Speaking to an audience of foreign policy experts in early 2018, Biden recounted how, during a trip to Ukraine as vice president in March 2016, he threatened to withhold the $1 billion in U.S. aid if Ukraine’s government did not fire Shokin.
Biden told the gathering on Jan. 23, 2018:
I said, ‘You’re not getting the billion. I’m going to be leaving here in … ,’ I think it was about six hours. I looked at them and said: ‘I’m leaving in six hours. If the prosecutor is not fired, you’re not getting the money.’ Well, son of a b—-, he got fired. And they put in place someone who was solid at the time.
The Democrat-controlled House impeached President Donald Trump on Dec. 18 for mentioning the Bidens and their potential conflicts in a July 25 phone call with recently elected Ukrainian President Volodymyr Zelenskyy.
On Feb. 5, the Republican-controlled Senate acquitted Trump of charges of abuse of power and obstruction of Congress.

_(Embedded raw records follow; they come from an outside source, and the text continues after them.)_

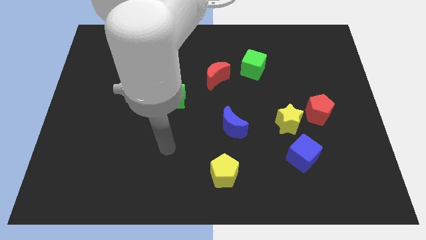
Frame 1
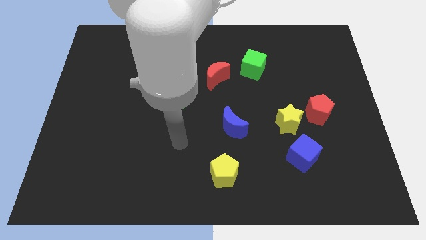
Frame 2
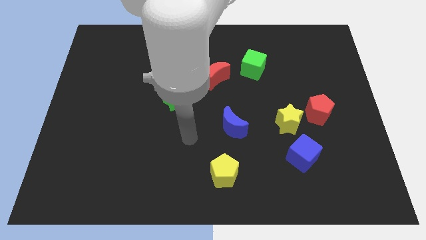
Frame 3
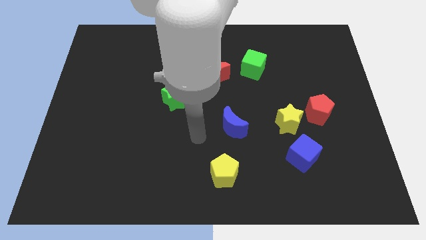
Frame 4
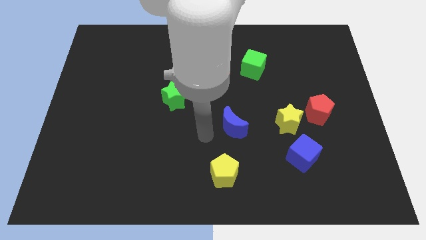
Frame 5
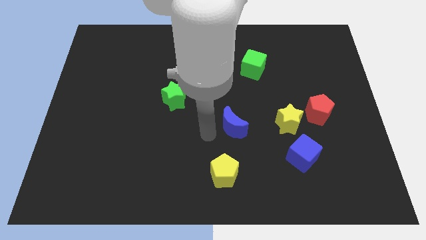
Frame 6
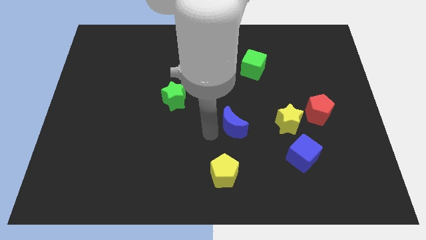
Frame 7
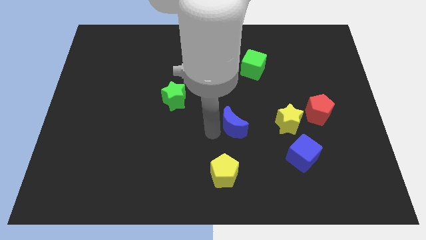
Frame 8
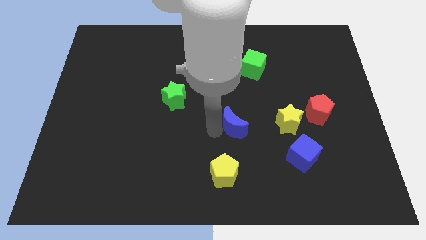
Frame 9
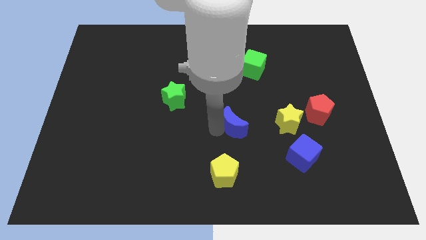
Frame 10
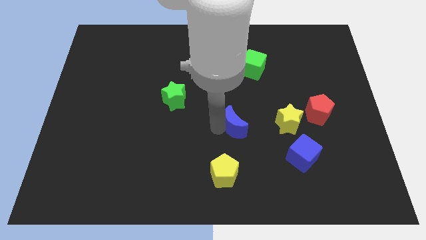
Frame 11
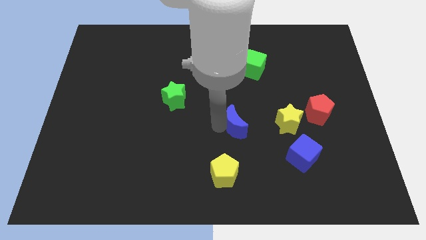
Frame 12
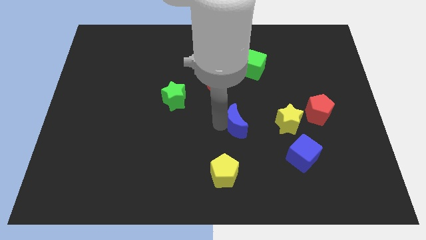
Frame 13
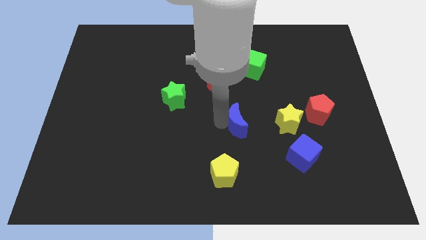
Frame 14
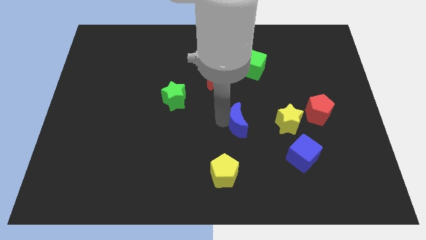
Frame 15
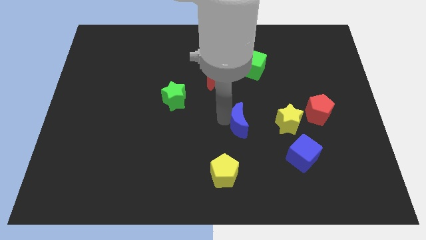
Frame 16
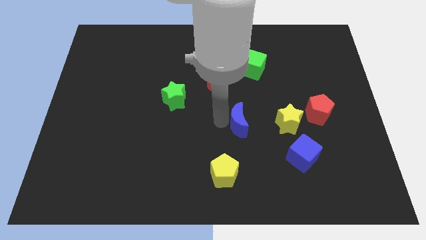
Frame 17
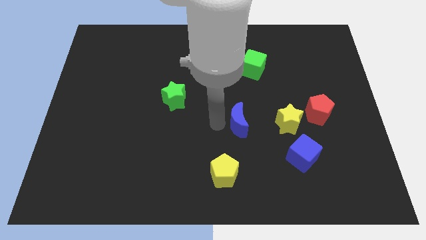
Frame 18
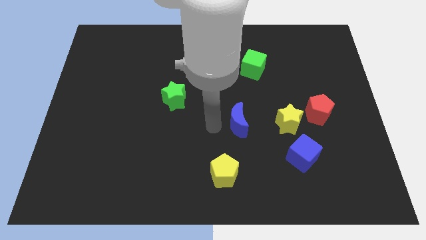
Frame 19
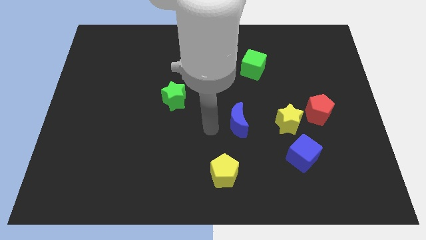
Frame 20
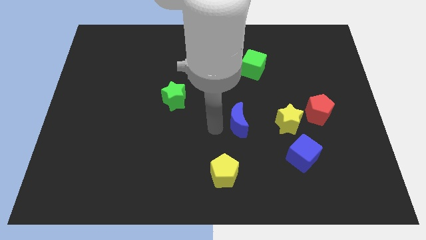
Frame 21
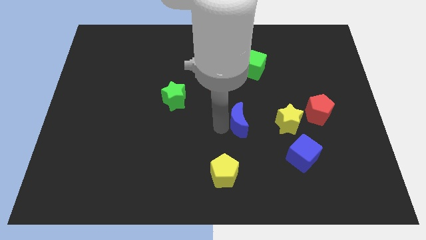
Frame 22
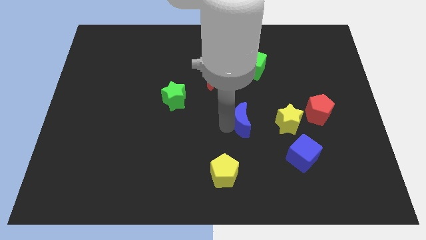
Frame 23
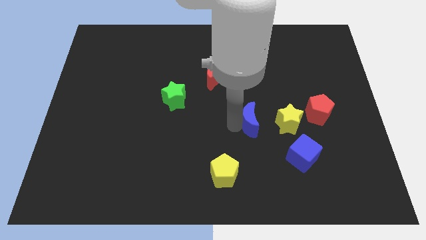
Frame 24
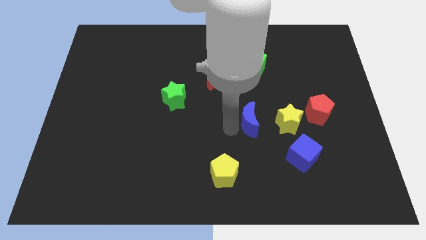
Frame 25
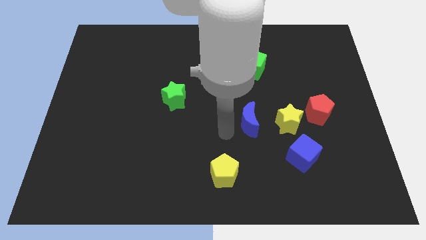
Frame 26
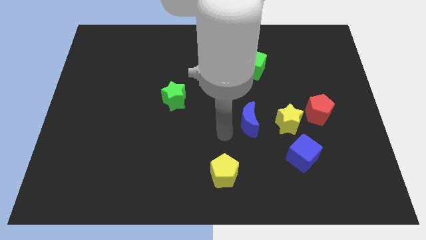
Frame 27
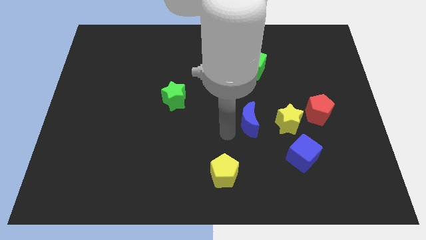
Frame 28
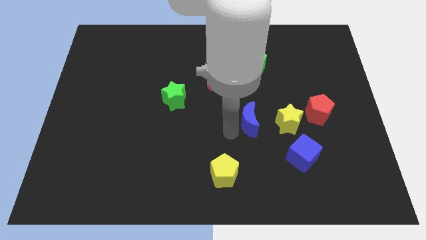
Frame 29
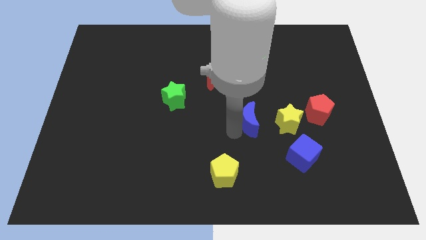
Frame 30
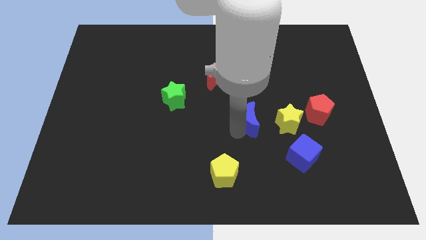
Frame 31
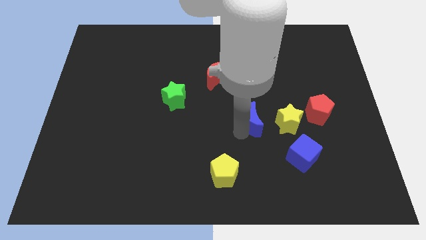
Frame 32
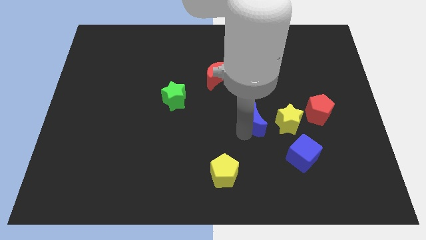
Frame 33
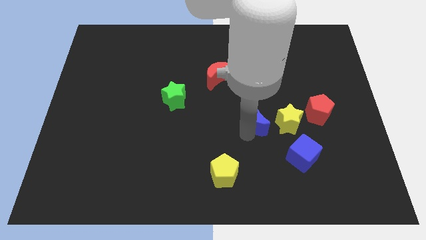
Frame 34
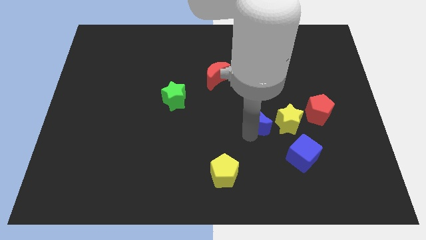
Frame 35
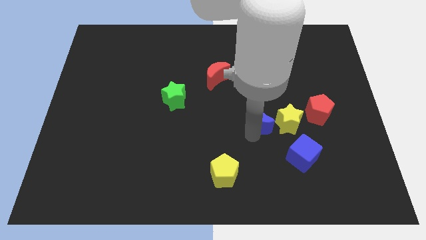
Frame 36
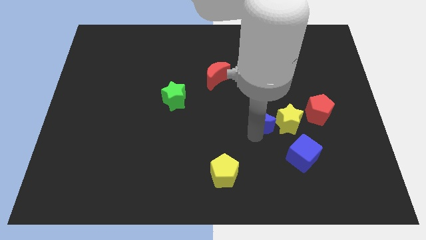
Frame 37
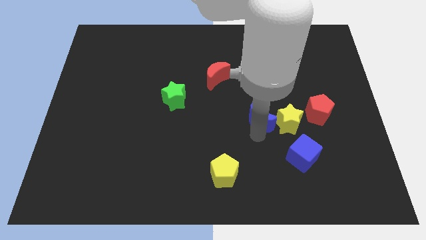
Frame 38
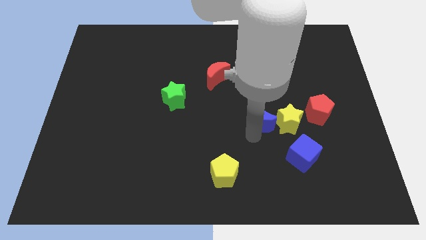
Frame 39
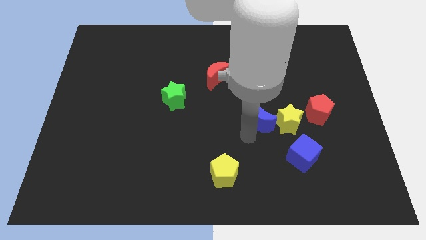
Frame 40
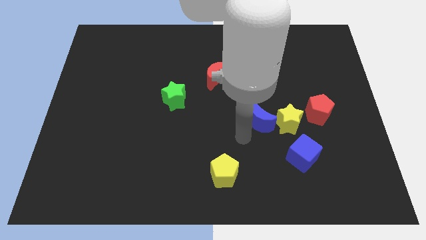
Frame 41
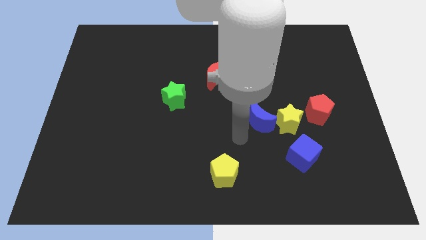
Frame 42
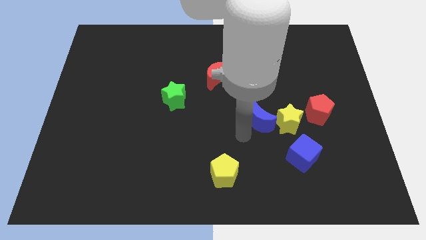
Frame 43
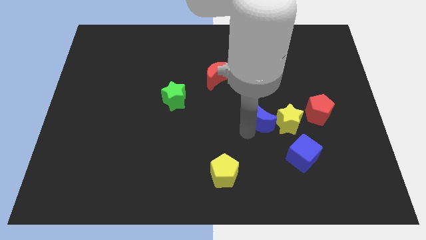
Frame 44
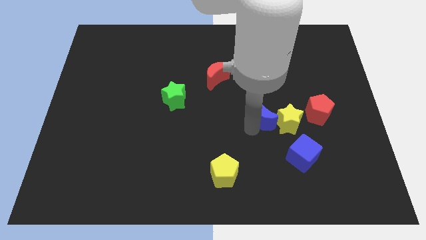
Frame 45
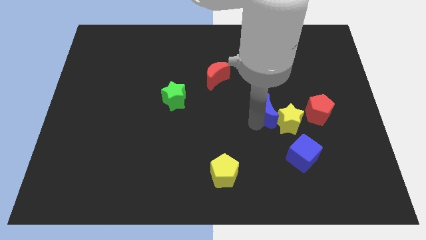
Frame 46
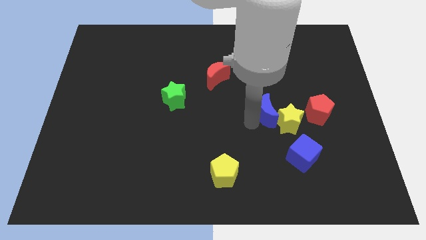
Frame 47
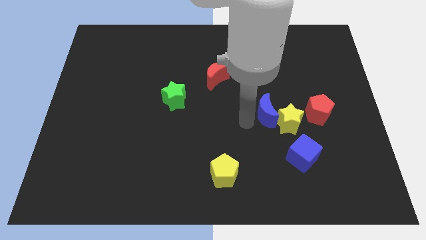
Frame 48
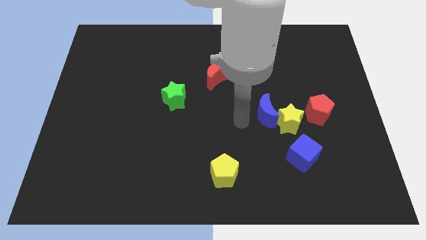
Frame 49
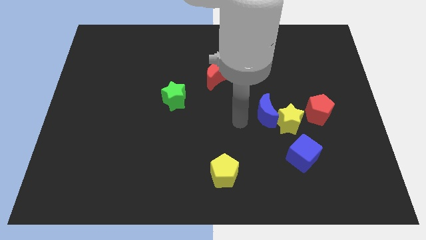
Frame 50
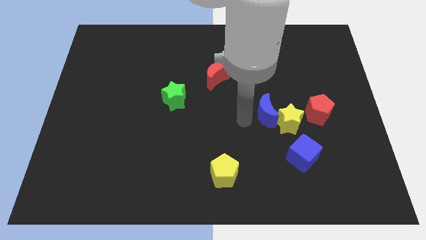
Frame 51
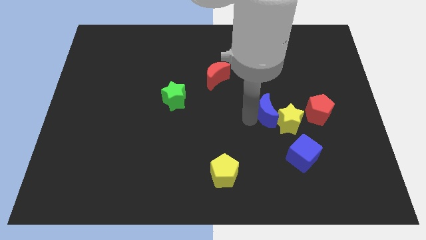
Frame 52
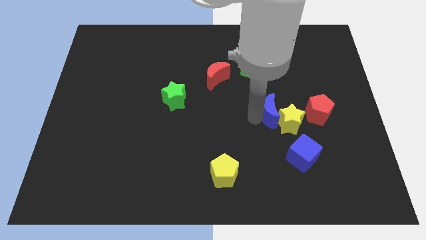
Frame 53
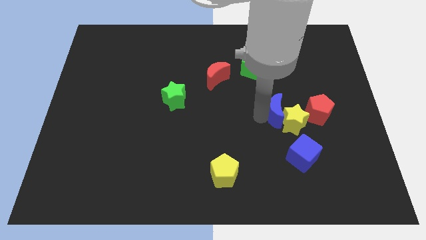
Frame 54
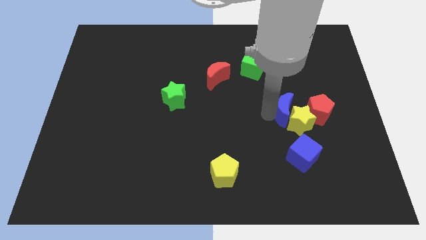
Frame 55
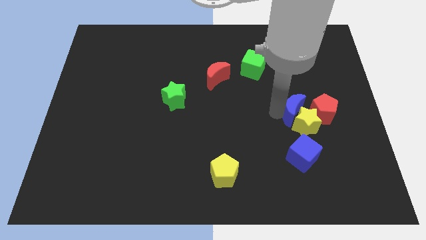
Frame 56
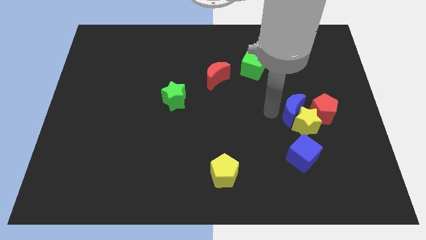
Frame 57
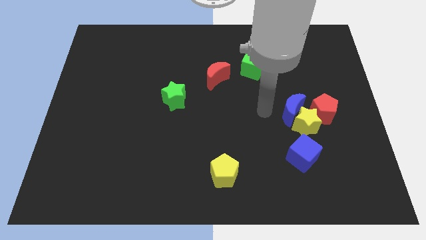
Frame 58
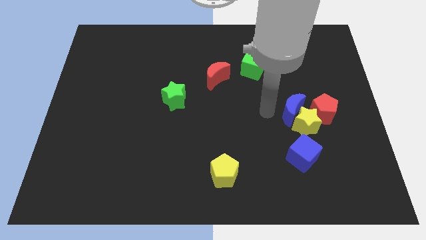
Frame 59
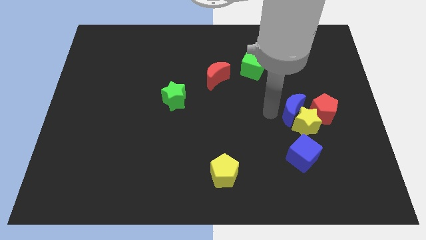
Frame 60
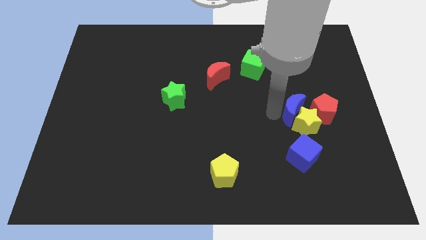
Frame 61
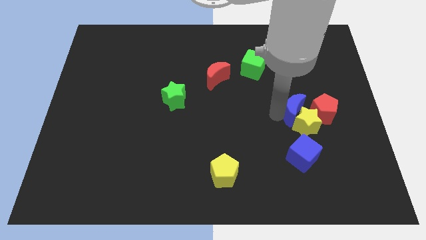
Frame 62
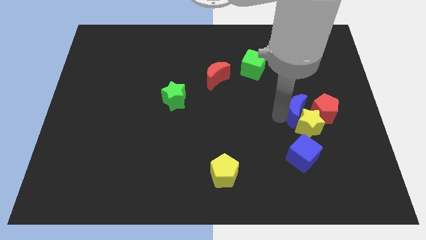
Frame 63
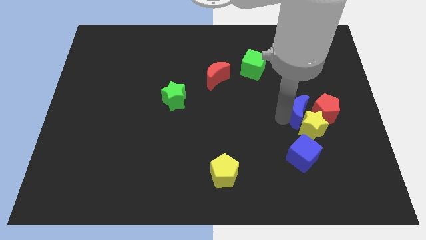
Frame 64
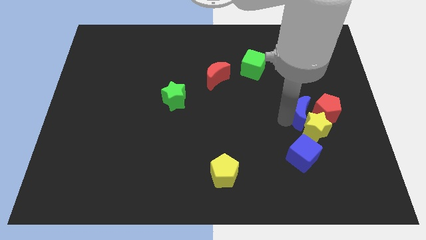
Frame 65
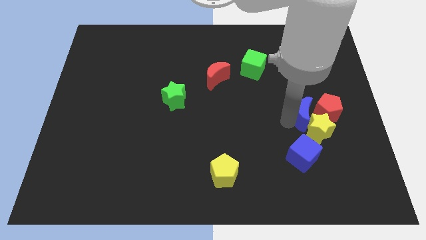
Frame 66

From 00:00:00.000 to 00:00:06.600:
push the blue moon towards the red pentagon

The Senate committee’s subpoena of Telizhenko would be for documents rather than testimony. The subpoena almost would be a formality, as Telizhenko has said he is willing to cooperate with Senate investigators.
However, Telizhenko can’t legally violate a nondisclosure agreement with Blue Star unless he is subpoenaed.
Telizhenko, who had been a low-level staffer at the Ukrainian Embassy in Washington, now works as a consultant in Kyiv, the capital of Ukraine, where Burisma also is headquartered.
Telizhenko reportedly accompanied Trump personal lawyer Rudy Giuliani when the former New York mayor traveled to Ukraine last year to look into possible Ukrainian meddling in the U.S. presidential campaign in 2016.
Telizhenko reportedly has said that Oksana Shulyar, a top aide to Ukraine’s former ambassador to the U.S., Valeriy Chaly, suggested Telizhenko should assist in Ukrainian efforts to meddle in the 2016 election in opposition to Trump’s candidacy.